Desmond Koh

Personal information
- Born: May 19, 1973 (age 53)

Sport
- Sport: Swimming

Medal record
Representing Singapore
SEA Games
| Silver medal – second place | 1989 Kuala Lumpur | 400m individual medley |
| Silver medal – second place | 1991 Manila | 200m backstroke |
| Silver medal – second place | 1991 Manila | 200m individual medley |
| Silver medal – second place | 1993 Singapore | 200m individual medley |
| Silver medal – second place | 1993 Singapore | 400m individual medley |
| Silver medal – second place | 1995 Chiang Mai | 100m backstroke |
| Silver medal – second place | 1995 Chiang Mai | 200m individual medley |
| Silver medal – second place | 1995 Chiang Mai | 400m individual medley |
| Silver medal – second place | 1995 Chiang Mai | 4x200m freestyle relay |
| Bronze medal – third place | 1989 Kuala Lumpur | 1500m freestyle |
| Bronze medal – third place | 1989 Kuala Lumpur | 200m butterfly |
| Bronze medal – third place | 1991 Manila | 400m individual medley |
| Bronze medal – third place | 1993 Singapore | 200m breaststroke |
| Bronze medal – third place | 1993 Singapore | 200m butterfly |
| Bronze medal – third place | 1995 Chiang Mai | 4x100m medley relay |

= Desmond Koh =

Singaporean swimmer (born 1973)

Desmond Koh Mun Kit (born 19 May 1973) is a former competitive swimmer from Singapore. He has represented the nation in numerous international competitions over more than 10 years including 5 years as National Captain.

== Swimming career ==
Koh represented Singapore in three Olympics (1988, 1992, 1996), three Asian Games (1990, 1994, 1998), one Commonwealth Games (1998), one World Championships (1991), and five Southeast Asian Games (1987, 1989, 1991, 1993, 1995).

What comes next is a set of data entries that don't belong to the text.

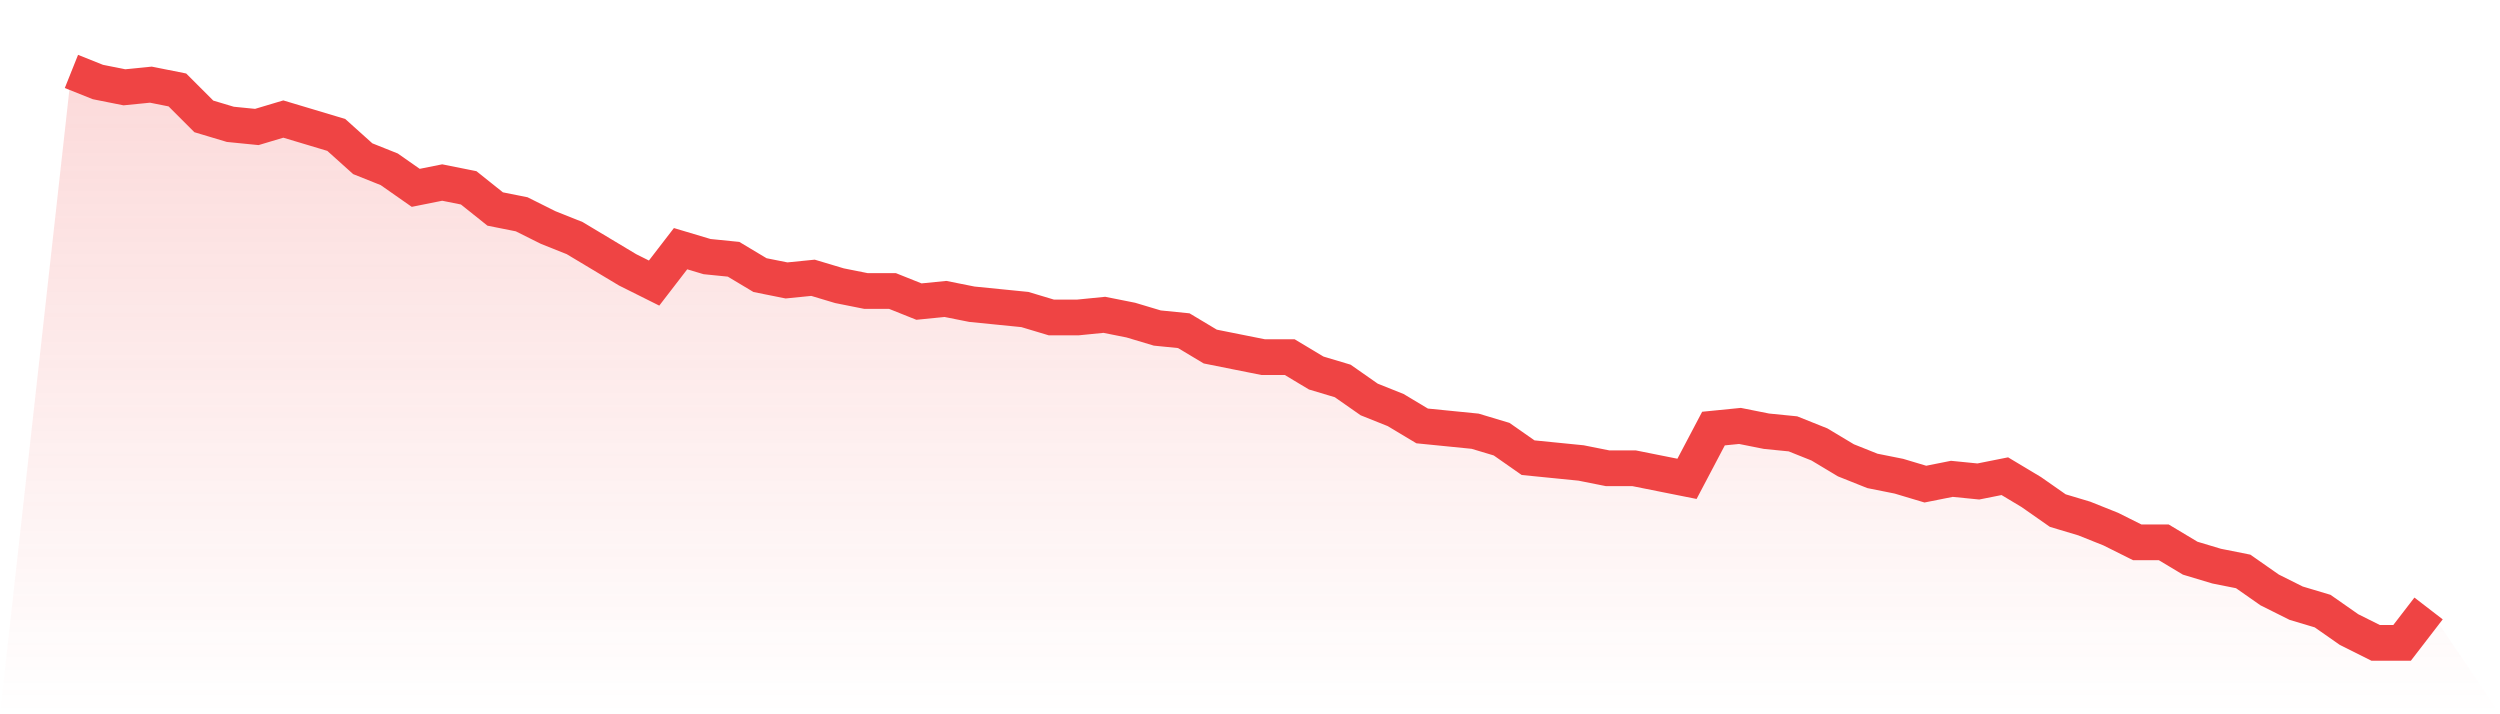 <svg viewBox="0 0 140 40" xmlns="http://www.w3.org/2000/svg">
<defs>
<linearGradient id="gradient" x1="0" x2="0" y1="0" y2="1">
<stop offset="0%" stop-color="#ef4444" stop-opacity="0.2"/>
<stop offset="100%" stop-color="#ef4444" stop-opacity="0"/>
</linearGradient>
</defs>
<path d="M4,4 L4,4 L5.483,4.593 L6.966,4.889 L8.449,4.741 L9.933,5.037 L11.416,6.519 L12.899,6.963 L14.382,7.111 L15.865,6.667 L17.348,7.111 L18.831,7.556 L20.315,8.889 L21.798,9.481 L23.281,10.519 L24.764,10.222 L26.247,10.519 L27.73,11.704 L29.213,12 L30.697,12.741 L32.18,13.333 L33.663,14.222 L35.146,15.111 L36.629,15.852 L38.112,13.926 L39.596,14.37 L41.079,14.519 L42.562,15.407 L44.045,15.704 L45.528,15.556 L47.011,16 L48.494,16.296 L49.978,16.296 L51.461,16.889 L52.944,16.741 L54.427,17.037 L55.91,17.185 L57.393,17.333 L58.876,17.778 L60.36,17.778 L61.843,17.63 L63.326,17.926 L64.809,18.37 L66.292,18.519 L67.775,19.407 L69.258,19.704 L70.742,20 L72.225,20 L73.708,20.889 L75.191,21.333 L76.674,22.37 L78.157,22.963 L79.64,23.852 L81.124,24 L82.607,24.148 L84.09,24.593 L85.573,25.63 L87.056,25.778 L88.539,25.926 L90.022,26.222 L91.506,26.222 L92.989,26.519 L94.472,26.815 L95.955,24 L97.438,23.852 L98.921,24.148 L100.404,24.296 L101.888,24.889 L103.371,25.778 L104.854,26.37 L106.337,26.667 L107.82,27.111 L109.303,26.815 L110.787,26.963 L112.27,26.667 L113.753,27.556 L115.236,28.593 L116.719,29.037 L118.202,29.63 L119.685,30.37 L121.169,30.37 L122.652,31.259 L124.135,31.704 L125.618,32 L127.101,33.037 L128.584,33.778 L130.067,34.222 L131.551,35.259 L133.034,36 L134.517,36 L136,34.074 L140,40 L0,40 z" fill="url(#gradient)"/>
<path d="M4,4 L4,4 L5.483,4.593 L6.966,4.889 L8.449,4.741 L9.933,5.037 L11.416,6.519 L12.899,6.963 L14.382,7.111 L15.865,6.667 L17.348,7.111 L18.831,7.556 L20.315,8.889 L21.798,9.481 L23.281,10.519 L24.764,10.222 L26.247,10.519 L27.73,11.704 L29.213,12 L30.697,12.741 L32.18,13.333 L33.663,14.222 L35.146,15.111 L36.629,15.852 L38.112,13.926 L39.596,14.37 L41.079,14.519 L42.562,15.407 L44.045,15.704 L45.528,15.556 L47.011,16 L48.494,16.296 L49.978,16.296 L51.461,16.889 L52.944,16.741 L54.427,17.037 L55.91,17.185 L57.393,17.333 L58.876,17.778 L60.36,17.778 L61.843,17.63 L63.326,17.926 L64.809,18.37 L66.292,18.519 L67.775,19.407 L69.258,19.704 L70.742,20 L72.225,20 L73.708,20.889 L75.191,21.333 L76.674,22.37 L78.157,22.963 L79.64,23.852 L81.124,24 L82.607,24.148 L84.09,24.593 L85.573,25.63 L87.056,25.778 L88.539,25.926 L90.022,26.222 L91.506,26.222 L92.989,26.519 L94.472,26.815 L95.955,24 L97.438,23.852 L98.921,24.148 L100.404,24.296 L101.888,24.889 L103.371,25.778 L104.854,26.37 L106.337,26.667 L107.82,27.111 L109.303,26.815 L110.787,26.963 L112.27,26.667 L113.753,27.556 L115.236,28.593 L116.719,29.037 L118.202,29.63 L119.685,30.37 L121.169,30.37 L122.652,31.259 L124.135,31.704 L125.618,32 L127.101,33.037 L128.584,33.778 L130.067,34.222 L131.551,35.259 L133.034,36 L134.517,36 L136,34.074" fill="none" stroke="#ef4444" stroke-width="2"/>
</svg>

Koh had four national records, including:
- 200m Breaststroke - 2:21.87, 29 July 1992
- 400m Individual Medley - 4:28.95, 27 July 1992

== Business career ==

Koh is the Managing Director at an international private bank and his team serves private families and family offices in Southeast Asia. He leads a sustainability task force at the bank and runs "ConsciousCircle", a community of asset and wealth owners.

Koh sits on the Boards of several non-profit entities in Singapore and the USA, focused on education and health.

== Education ==
Koh graduated from the University of Southern California with a degree in Electrical Engineering and was awarded a Rhodes Scholarship to study at Oxford where he obtained an MPhil in Management Studies (Finance and Economics).

== Personal life ==
Koh's younger brother, Gerald, also represented Singapore at the Olympics.

Koh married Nadya Hutagalung, an Indonesian-Australian model and actress.